Тсс! ви его будете убивать! — воскликнул Шмуке.

— Прощайте, сударь, — сказала привратница, подходя к Понсу и испепеляя его взглядом. — Поправляйтесь поскорей, я вам зла не желаю. Когда вы будете со мной вежливы, когда поверите, что я для вашей же пользы стараюсь, я вернусь. А пока буду сидеть дома... Я за вами как за своим дитем ходила, где же это видано, чтобы дети да против матери шли!.. Нет, нет, господин Шмуке, и слышать ничего не хочу... я буду приносить вам обед, буду прислуживать, но возьмите сиделку, поговорите с господином Пуленом.

И она вышла, так хлопнув дверью, что зазвенел хрупкий ценный фарфор. Для измученного Понса этот звон означал примерно то же, что последний удар, прекращающий страдание человека, вздернутого на дыбу.

Час спустя тетка Сибо, не входя в спальню к Понсу, через дверь позвала Шмуке и сказала, что обед подан. Бедный немец вошел в столовую измученный и заплаканный.
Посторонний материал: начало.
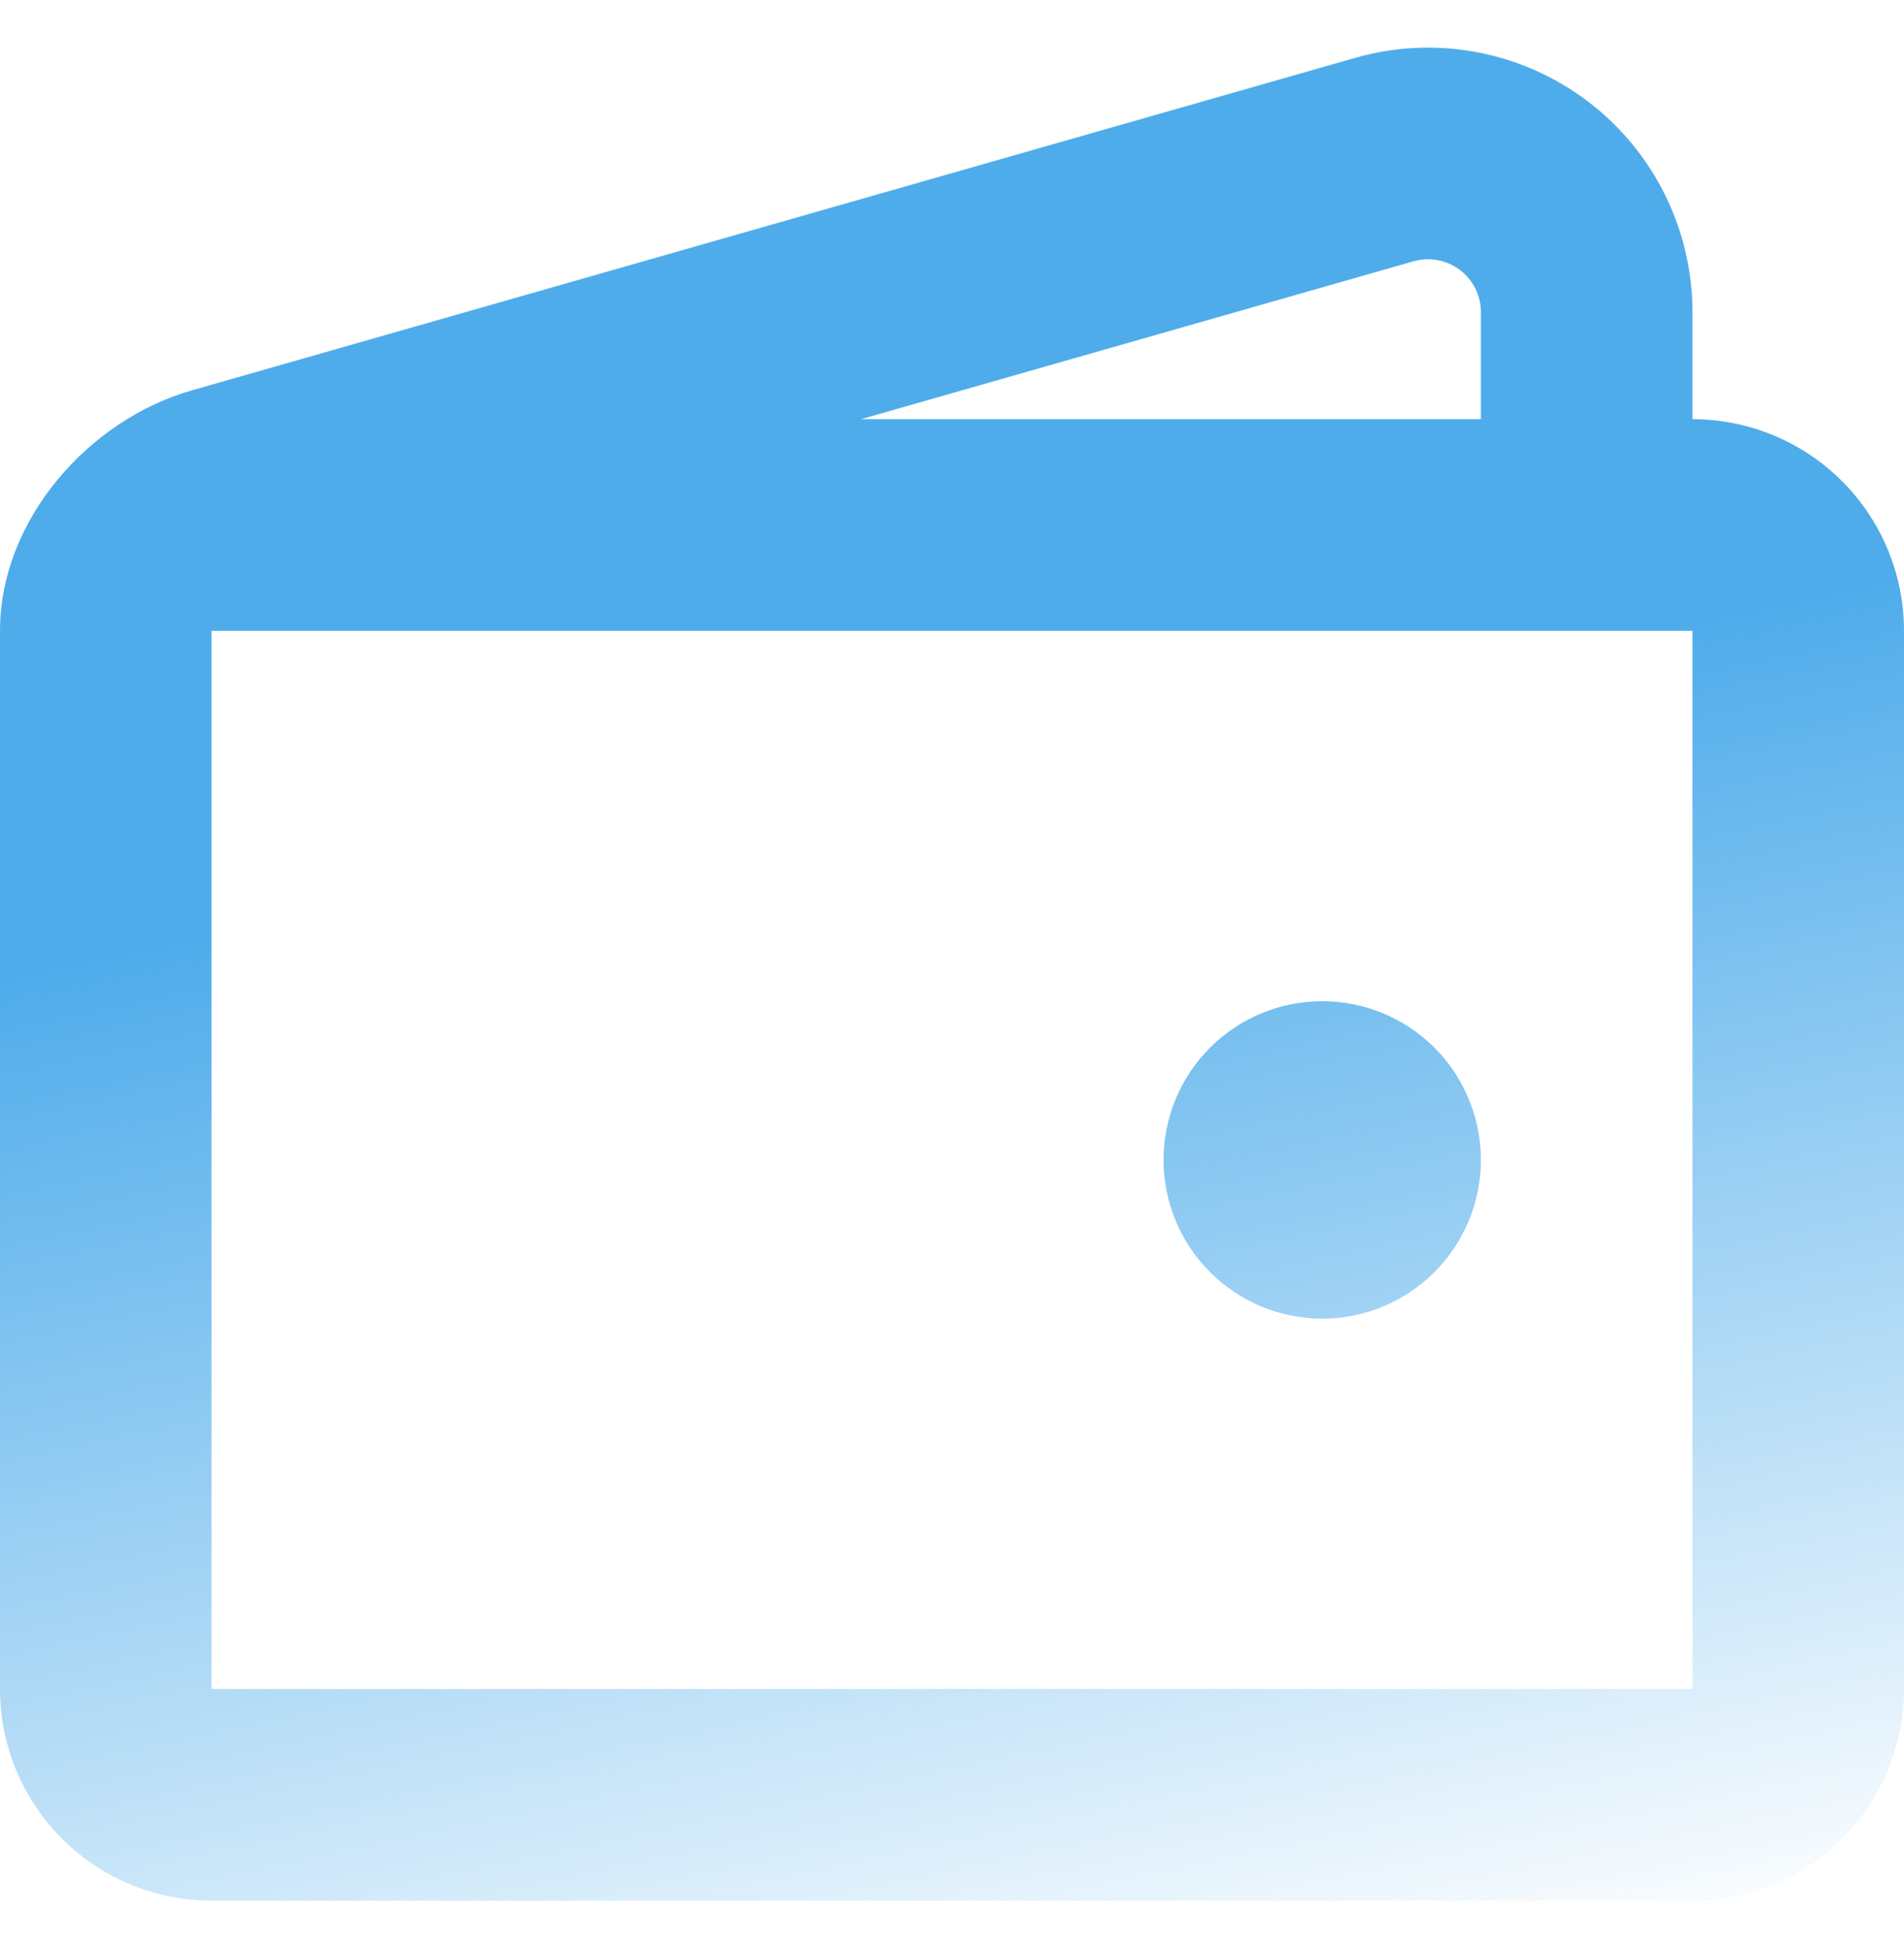 <?xml version="1.0" encoding="UTF-8"?> <svg xmlns="http://www.w3.org/2000/svg" width="40" height="41" viewBox="0 0 40 41" fill="none"> <g clip-path="url(#clip0_232_1074)"> <path d="M31.111 24.358C31.111 25.242 30.76 26.09 30.135 26.715C29.51 27.34 28.662 27.692 27.778 27.692C26.894 27.692 26.046 27.34 25.421 26.715C24.796 26.09 24.444 25.242 24.444 24.358C24.444 23.474 24.796 22.626 25.421 22.001C26.046 21.376 26.894 21.025 27.778 21.025C28.662 21.025 29.51 21.376 30.135 22.001C30.76 22.626 31.111 23.474 31.111 24.358Z" fill="url(#paint0_linear_232_1074)"></path> <path fill-rule="evenodd" clip-rule="evenodd" d="M4.029 8.198L28.473 1.214C29.3 0.978 30.171 0.936 31.016 1.094C31.862 1.251 32.659 1.602 33.346 2.12C34.032 2.638 34.589 3.308 34.973 4.078C35.356 4.848 35.556 5.696 35.556 6.556V8.803C36.734 8.803 37.865 9.271 38.698 10.104C39.532 10.938 40 12.069 40 13.247V35.469C40 36.648 39.532 37.779 38.698 38.612C37.865 39.446 36.734 39.914 35.556 39.914H4.444C3.266 39.914 2.135 39.446 1.302 38.612C0.468 37.779 0 36.648 0 35.469V13.247C0 10.925 1.856 8.818 4.029 8.198ZM29.696 5.487C29.861 5.44 30.035 5.432 30.203 5.463C30.372 5.495 30.532 5.565 30.669 5.668C30.806 5.772 30.917 5.906 30.994 6.059C31.071 6.213 31.111 6.382 31.111 6.554V8.803H18.089L29.696 5.487ZM4.444 13.247H35.556V35.469H4.444V13.247Z" fill="url(#paint1_linear_232_1074)"></path> </g> <defs> <linearGradient id="paint0_linear_232_1074" x1="19.996" y1="16.383" x2="25.657" y2="43.228" gradientUnits="userSpaceOnUse"> <stop stop-color="#4FACEB"></stop> <stop offset="1" stop-color="#4FACEB" stop-opacity="0"></stop> </linearGradient> <linearGradient id="paint1_linear_232_1074" x1="19.996" y1="16.383" x2="25.657" y2="43.228" gradientUnits="userSpaceOnUse"> <stop stop-color="#4FACEB"></stop> <stop offset="1" stop-color="#4FACEB" stop-opacity="0"></stop> </linearGradient> <clipPath id="clip0_232_1074"> <rect width="40" height="40" fill="white" transform="translate(0 0.5)"></rect> </clipPath> </defs> </svg>

Бедний мой Понс сталь заговариваться, ругает вас последней зобакой. Это все больезнь наделяль, — сказал он, желая разжалобить тетку Сибо и обелить Понса.
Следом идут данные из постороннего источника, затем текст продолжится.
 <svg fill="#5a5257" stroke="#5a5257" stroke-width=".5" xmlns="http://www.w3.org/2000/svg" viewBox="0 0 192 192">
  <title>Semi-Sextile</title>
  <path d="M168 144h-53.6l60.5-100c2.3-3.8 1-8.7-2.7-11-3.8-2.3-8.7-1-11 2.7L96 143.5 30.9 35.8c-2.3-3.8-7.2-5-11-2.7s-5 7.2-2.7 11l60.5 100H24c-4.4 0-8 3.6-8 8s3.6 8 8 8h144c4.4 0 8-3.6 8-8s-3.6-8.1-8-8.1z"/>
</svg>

— Его болезнь у меня вот где сидит! Господин Понс мне ни отец, ни муж, ни брат, ни сын, так ведь? Он меня возненавидел, мне это надоело, хватит! За вами я хоть на край света пойду, но когда отдаешь все — жизнь, душу, последние гроши, когда собственного мужа позабываешь, до болезни его доводишь, а тебя называют мерзавкой! Это уже курам на смех!

Дурам на спех?

— Курам, курам! Нечего попусту время на разговоры терять. Перейдем к делу! Вы мне задолжали за три месяца: по сто девяносто франков в месяц, это выходит пятьсот семьдесят франков; затем я два раза за вас за квартиру платила, вот и квитанции, шестьсот франков, да пять процентов положенной нам надбавки и налоги, всего без малого тысяча двести франков, и еще те две тысячи, без всяких процентов, разумеется... Итого — три тысячи сто девяносто два франка... Не забывайте, что вам надо, по крайней мере, две тысячи франков на сиделку, доктора, лекарства и еду для сиделки. Вот почему я и заняла тысячу франков у господина Пильеро, — сказала она, вытащив бумажку в тысячу франков, данную Годиссаром.
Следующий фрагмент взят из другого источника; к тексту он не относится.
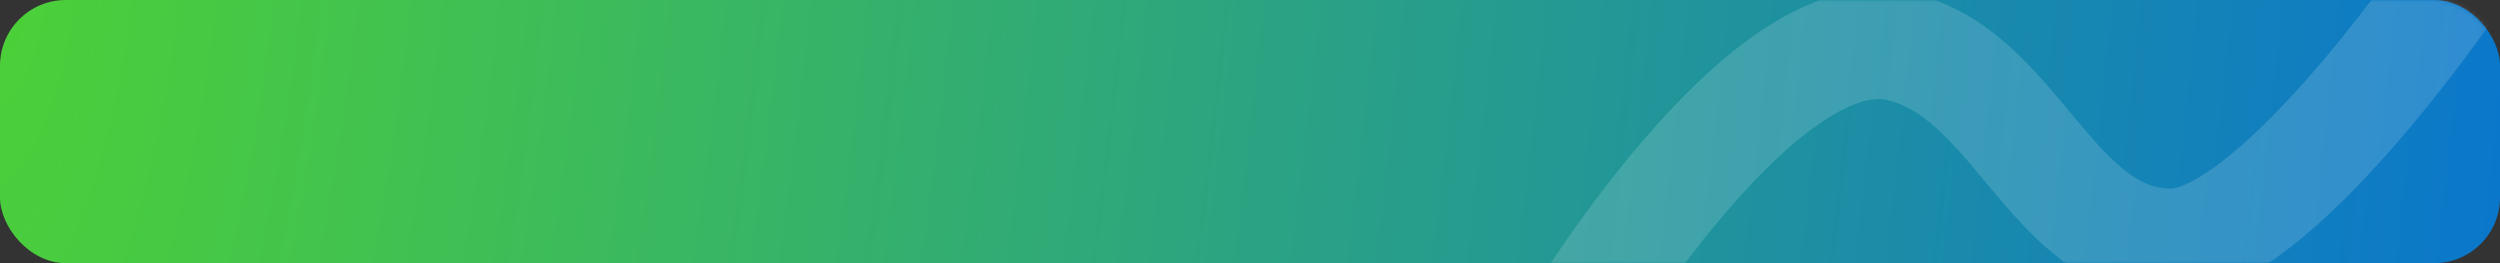 <?xml version="1.0" encoding="UTF-8"?> <svg xmlns="http://www.w3.org/2000/svg" width="570" height="60" viewBox="0 0 570 60" fill="none"><rect x="0" y="0" width="570" height="60" fill="#333333" stroke="none"/> <rect width="570" height="60" rx="15" fill="url(#paint0_radial_278_15)"></rect> <mask id="mask0_278_15" style="mask-type:alpha" maskUnits="userSpaceOnUse" x="0" y="0" width="570" height="60"> <rect width="570" height="60" rx="15" fill="url(#paint1_radial_278_15)"></rect> </mask> <g mask="url(#mask0_278_15)"> <path d="M358.5 75.5C358.5 75.5 401.291 3.899 432.5 10.5C459.678 16.248 467.621 55.5 495 55.5C518.071 55.5 557.625 -2 557.625 -2" stroke="white" stroke-opacity="0.15" stroke-width="25"></path> </g> <defs> <radialGradient id="paint0_radial_278_15" cx="0" cy="0" r="1" gradientUnits="userSpaceOnUse" gradientTransform="rotate(5.706) scale(572.838 1576.87)"> <stop stop-color="#4CD038"></stop> <stop offset="1" stop-color="#0B77CB"></stop> </radialGradient> <radialGradient id="paint1_radial_278_15" cx="0" cy="0" r="1" gradientUnits="userSpaceOnUse" gradientTransform="rotate(5.706) scale(572.838 1576.87)"> <stop stop-color="#4CD038"></stop> <stop offset="1" stop-color="#0B77CB"></stop> </radialGradient> </defs> </svg>

Шмуке слушал ее подсчеты с вполне понятным выражением ужаса, так как в финансовых делах он понимал столько же, сколько кошка в музыке.

Мадам Зибо, Понс з ума зошель! Не зердитесь, не оставляйте его, будьте попрешнему нашим ангель-хранитель... На коленьях вас прошу.

И немец упал к ногам тетки Сибо и принялся целовать руки мучительнице Понса.

— Послушайте, золотце, — сказала она, подымая Шмуке и целуя его в лоб. — Сибо болен, с постели не встает, я послала за доктором Пуленом. Сами понимаете, мне нужно привести в порядок свои дела. Да и Сибо, когда увидел, что я пришла от вас вся в слезах, так рассердился, что запретил мне и нос сюда показывать. Он требует обратно свои деньги, а деньги-то это его. Мы, женщины, тут ничем помочь не можем. Но если отдать ему деньги, три тысячи двести франков, он, может быть, успокоится. Ведь это все, что у него, у бедняжки, есть, все, что он за двадцать шесть лет скопил, тяжелым трудом заработал. Он требует, чтоб деньги завтра же здесь были, вынь да положь... Вы Сибо не знаете: ежели его разозлить, он человека убить можеть. Попробую его уговорить, чтоб он позволил мне за вами за обоими ухаживать. Успокойтесь, пусть сколько хочеть ругается. Из любви к вам я пойду на эту муку, потому что вы ангел.

Нет, я нестшастный тшельовек, но я люблю своего друга и хотшу отдать шизнь, только бы его спазать.